Cinque normali lettere per definire un elemento semplice, puro e fluido.
Un fattore così fondamentale, nella mia vita.
L'acqua: ciò che mi dà forza, vigore e coraggio.
Certo, mi rende anche più impulsivo del solito, ma, fortunatamente, il mio corpo non è ancora stato avvolto in un
drappo decorato con il tridente di mio padre.
Non credo di morire presto. Insomma, l'Oracolo ha detto che perirò al compimento del mio sedicesimo compleanno. 
Teoricamente, mi manca ancora un anno da vivere: ne ho di tempo per dimostrare a Chirone che l'impulsività è il mio punto forte.
Ops, sto divagando.
Mi capita sempre, quando ho troppi pensieri per la testa.
E, adesso, ne ho decisamente in abbondanza.
Il mio cervello è un organo pasticciato e aggrovigliato, apparentemente incapace di ragionare.
Le fitte alle tempie sembrano rappresentare i secondi che mi restano, prima che la bomba esploda.

Ovviamente, in questo momento, la bomba è la mia fottutissima testa, più piena della pancia di una dannatissima mucca gravida! (Oh, perdonatemi, divina Era).
Non riesco a prendere sonno. Continuo a rigirarmi nel mio letto, che sento all'improvviso scomodo ed inospitale, mentre nella mia mente continuano a rimbalzare le immagini della battaglia appena finita – e vinta.

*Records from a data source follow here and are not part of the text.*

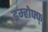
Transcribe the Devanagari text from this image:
इम्होफ्फ्
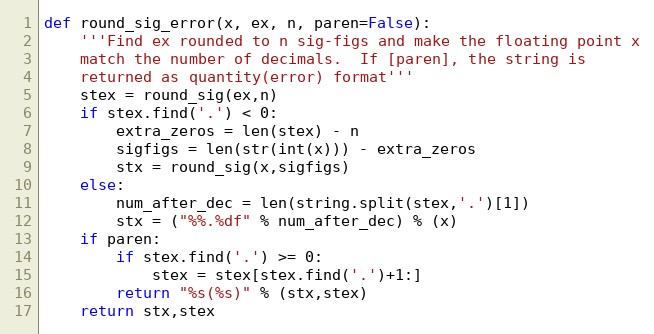
Language: Python
def round_sig_error(x, ex, n, paren=False):
    '''Find ex rounded to n sig-figs and make the floating point x
    match the number of decimals.  If [paren], the string is
    returned as quantity(error) format'''
    stex = round_sig(ex,n)
    if stex.find('.') < 0:
        extra_zeros = len(stex) - n
        sigfigs = len(str(int(x))) - extra_zeros
        stx = round_sig(x,sigfigs)
    else:
        num_after_dec = len(string.split(stex,'.')[1])
        stx = ("%%.%df" % num_after_dec) % (x)
    if paren:
        if stex.find('.') >= 0:
            stex = stex[stex.find('.')+1:]
        return "%s(%s)" % (stx,stex)
    return stx,stex
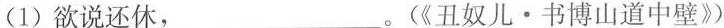
(1)欲说还休，_。(《丑奴儿·书博山道中壁》）
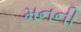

Rivedo i volti dei caduti.
L'invasione; quell'improvviso botto, quelle bestie che si sono riversate fuori dal Pugno di Zeus tutte in una volta.
Sembrava di assistere all'esplosione di un vulcano.
Pochi secondi prima, silenzio e parecchia tensione.
Poi, d'un tratto, ecco il boato e quell'unico ammasso nero, marrone, rosa e rosso. Quel groviglio di fauci, artigli, peli e armi letali.
E, infine, ecco anche quella sensazione che ti fa pensare che tutto stia per finire. Quel momento in cui la tua mente è attraversata da continui flashback, ricordi felici di momenti trascorsi in questo campo, ora distrutto.
Il Campo Mezzosague non sarà più lo stesso, dopo questa notte.
Da domani mattina, quando tutta l'adrenalina che ci scorre nelle vene sarà stata assorbita, inizieremo a sentire il dolore lancinante delle ferite, l'odore marcio di morte e, soprattutto, quell'orribile sensazione di perdita e desolazione.
Quando ci renderemo conto veramente di quante, e quali, persone abbiamo perso, allora il dolore agli arti, le ferite e il tanfo, non saranno nulla in confronto a quella lancia che ci lacererà il petto, e a quella medicina amara che ci farà ingoiare a malavoglia la verità.
I miei occhi pizzicano leggermente, ma riesco a ricacciare dentro le lacrime.
Mi alzo, balzando a terra e, infilatomi le scarpe, esco.
Vengo investito dalla fresca brezza notturna. Mi porta il profumo dolce di fiori e fragole, e quell'odore di salsedine che tanto amo.
Nonostante sia proibito varcare i confini del Campo (e nonostante questo sia appena stato sotto attacco), cammino tranquillamente fino alla spiaggia – sperando di non incrociare accidentalmente le arpie – e mi immergo in acqua, sapendo già che, il mattino seguente, Annabeth se ne accorgerà – perché lei vede, sente e sa  tutto – e mi farà la paternale.
Almeno, per allora, la mia mente si sarà placata. Il dolore alla testa sarà passato e le sue grida non nuoceranno più di tanto alla mia salute.


Non nuoto, non vado al largo, non sfido la pressione per poter toccare il fondale oceanico.
Semplicemente, resto a qualche metro dalla riva. Mi lascio sorreggere dall'acqua, il cui lento e ondeggiante movimento mi culla in un leggero stato di catalessi.
Tempo qualche minuto e il dolore alla testa è scomparso. Le mie ferite sono ora semplici cicatrici, il mio corpo è di nuovo sano.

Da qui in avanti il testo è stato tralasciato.